* **WHAT THE EXERCISE ASKS**
For every record below, repeat the text exactly and pass over any image.
━━━━━ INPUT FOR THIS TASK
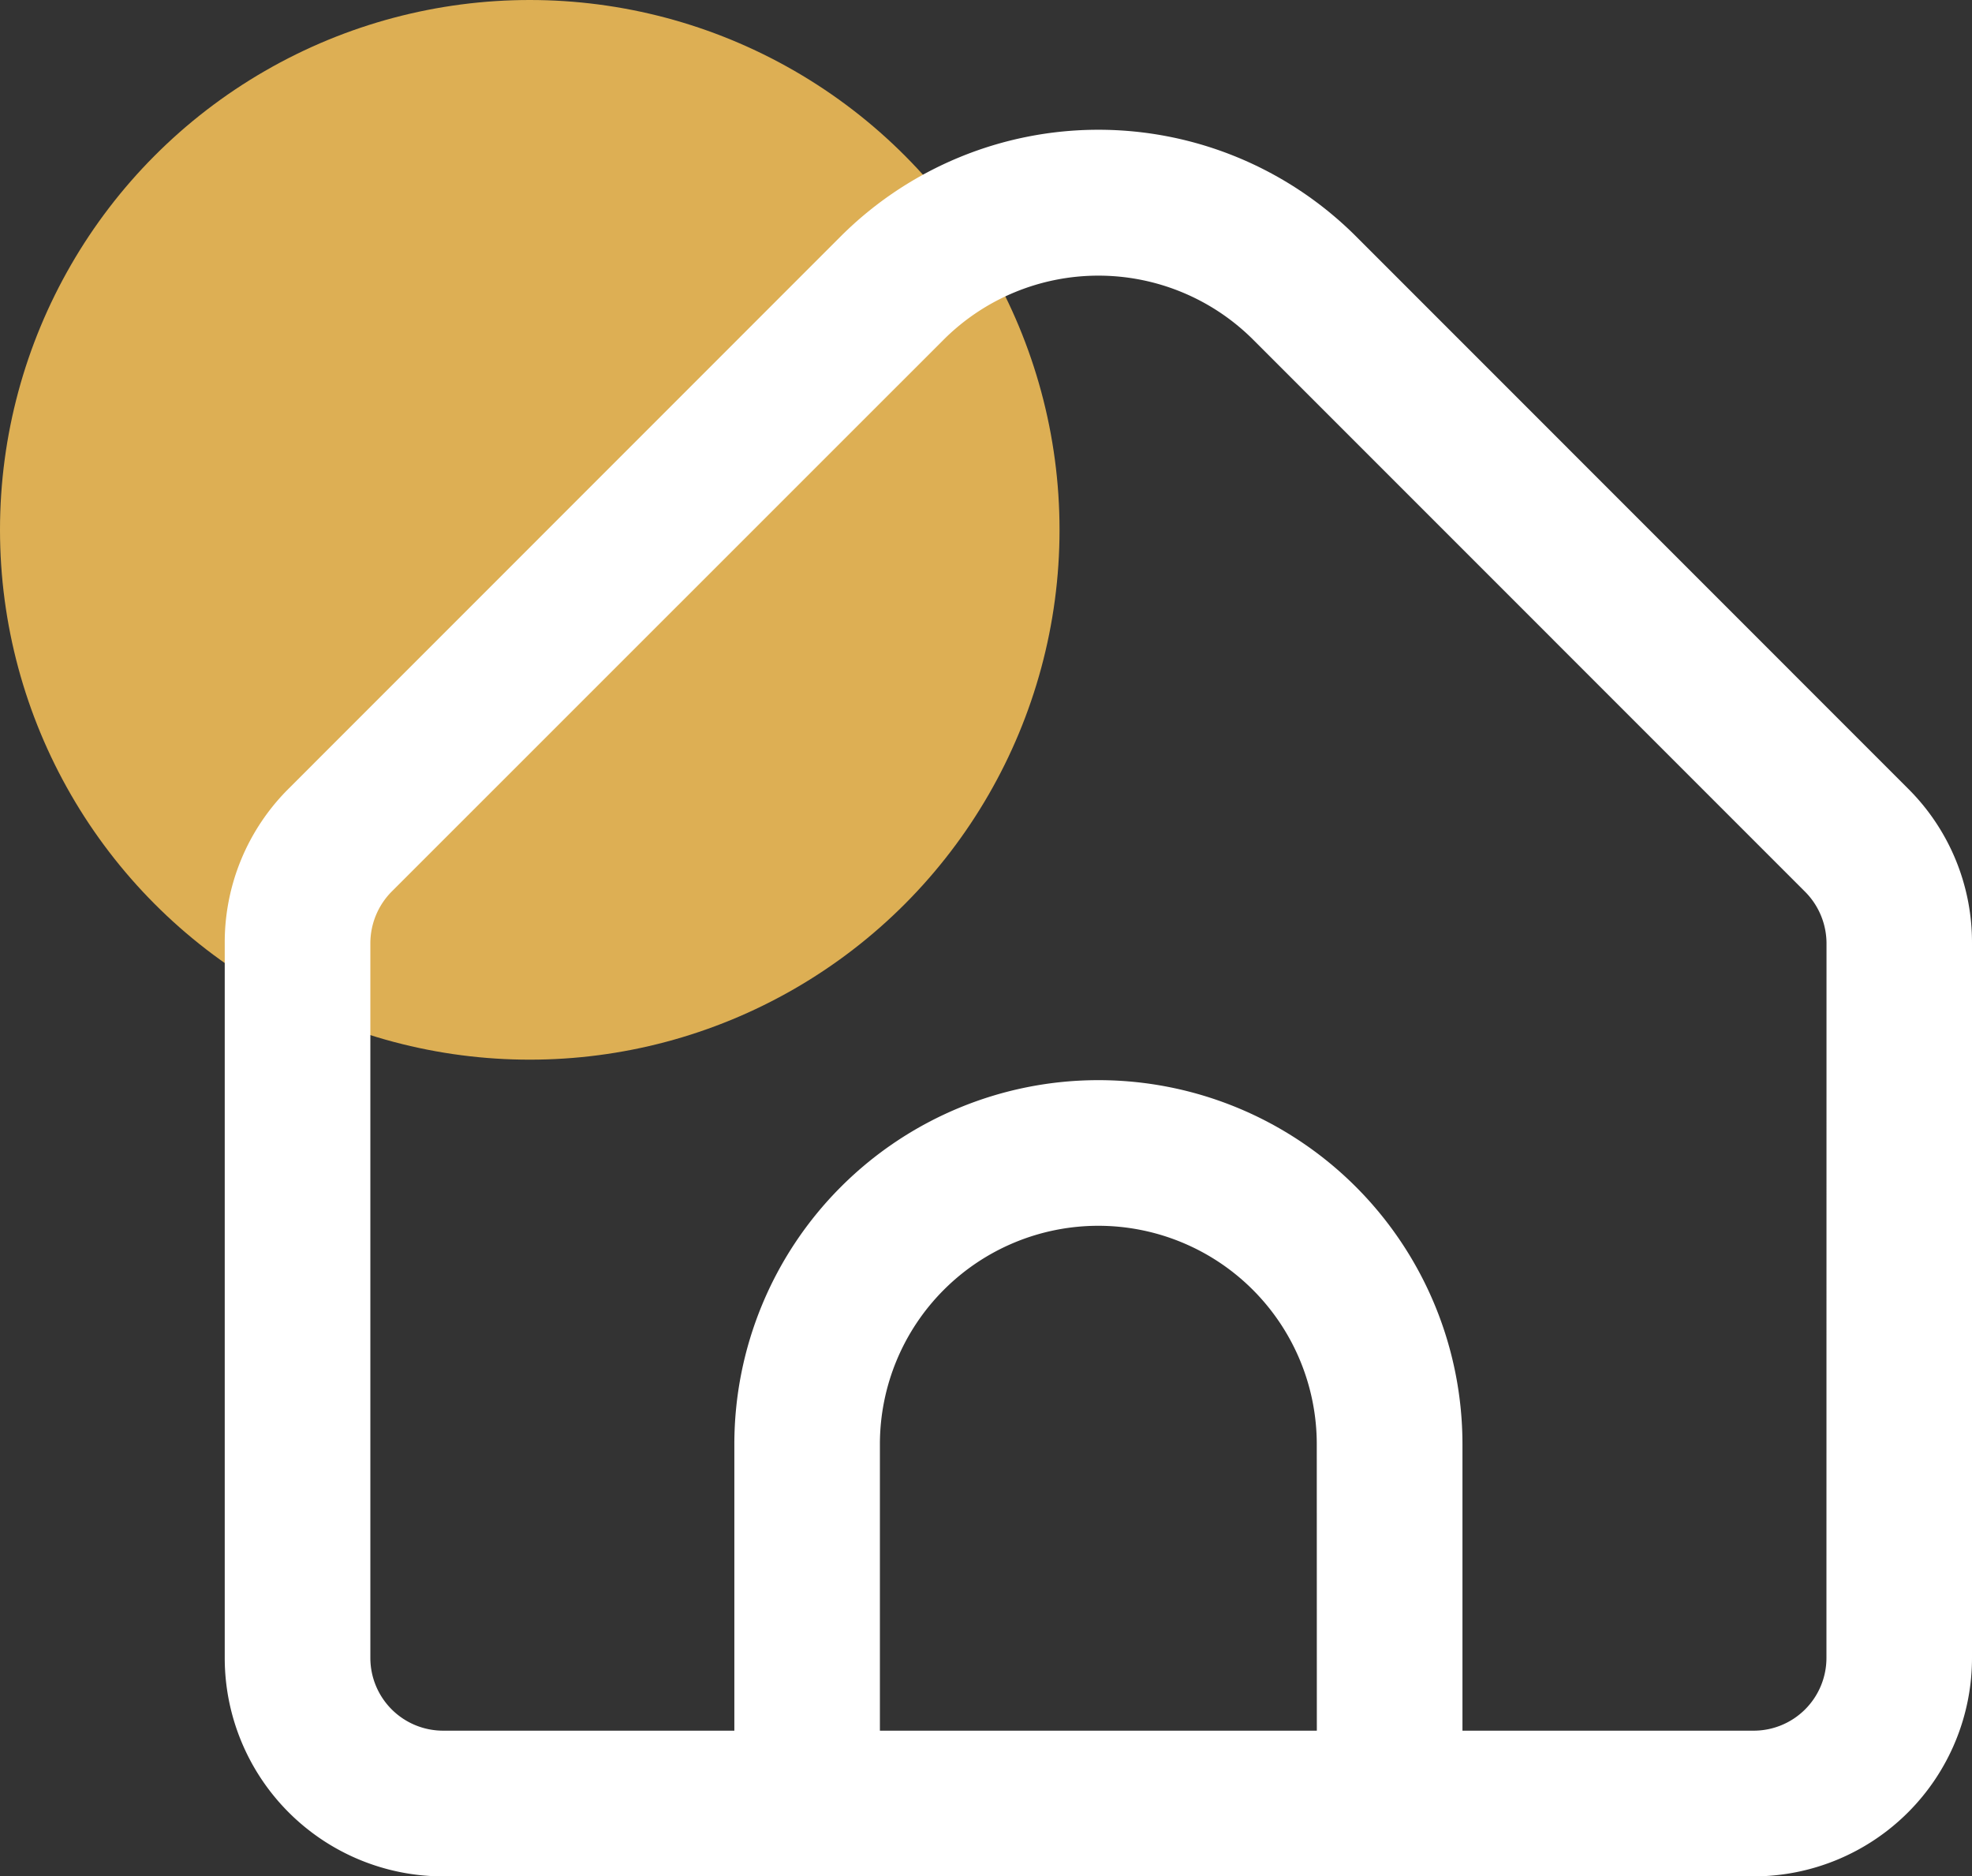 <svg xmlns="http://www.w3.org/2000/svg" width="30.036" height="28.576" viewBox="0 0 30.036 28.576">
  <rect x="0" y="0" width="30.036" height="28.576" fill="#333333" stroke="none"/>
  <g id="Group_3123" data-name="Group 3123" transform="translate(-461.506 -147.328)">
    <circle id="Ellipse_355" data-name="Ellipse 355" cx="8.069" cy="8.069" r="8.069" transform="translate(461.506 147.328)" fill="#ddaf54"/>
    <path id="Path_111719" data-name="Path 111719" d="M490.9,159.53l-8.411-8.413a5.554,5.554,0,0,0-7.843,0l-8.411,8.413a3.3,3.3,0,0,0-.974,2.352v10.887a3.327,3.327,0,0,0,3.326,3.327h19.961a3.327,3.327,0,0,0,3.326-3.327V161.882A3.3,3.3,0,0,0,490.9,159.53Zm-9.005,14.347H475.24v-4.362a3.327,3.327,0,1,1,6.654,0Zm7.762-1.108a1.108,1.108,0,0,1-1.108,1.108h-4.436v-4.362a5.545,5.545,0,0,0-11.09,0v4.362h-4.436a1.108,1.108,0,0,1-1.108-1.108V161.882a1.119,1.119,0,0,1,.325-.784l8.411-8.409a3.336,3.336,0,0,1,4.706,0l8.412,8.413a1.118,1.118,0,0,1,.325.78Z" transform="translate(-0.332 -0.192)" fill="#fff"/>
  </g>
</svg>
━━━━━━━━━━
* **RESULT OF THE TASK**
 <svg xmlns="http://www.w3.org/2000/svg" width="30.036" height="28.576" viewBox="0 0 30.036 28.576">
  <rect x="0" y="0" width="30.036" height="28.576" fill="#333333" stroke="none"/>
  <g id="Group_3123" data-name="Group 3123" transform="translate(-461.506 -147.328)">
    <circle id="Ellipse_355" data-name="Ellipse 355" cx="8.069" cy="8.069" r="8.069" transform="translate(461.506 147.328)" fill="#ddaf54"/>
    <path id="Path_111719" data-name="Path 111719" d="M490.9,159.53l-8.411-8.413a5.554,5.554,0,0,0-7.843,0l-8.411,8.413a3.3,3.3,0,0,0-.974,2.352v10.887a3.327,3.327,0,0,0,3.326,3.327h19.961a3.327,3.327,0,0,0,3.326-3.327V161.882A3.3,3.3,0,0,0,490.9,159.53Zm-9.005,14.347H475.24v-4.362a3.327,3.327,0,1,1,6.654,0Zm7.762-1.108a1.108,1.108,0,0,1-1.108,1.108h-4.436v-4.362a5.545,5.545,0,0,0-11.09,0v4.362h-4.436a1.108,1.108,0,0,1-1.108-1.108V161.882a1.119,1.119,0,0,1,.325-.784l8.411-8.409a3.336,3.336,0,0,1,4.706,0l8.412,8.413a1.118,1.118,0,0,1,.325.78Z" transform="translate(-0.332 -0.192)" fill="#fff"/>
  </g>
</svg>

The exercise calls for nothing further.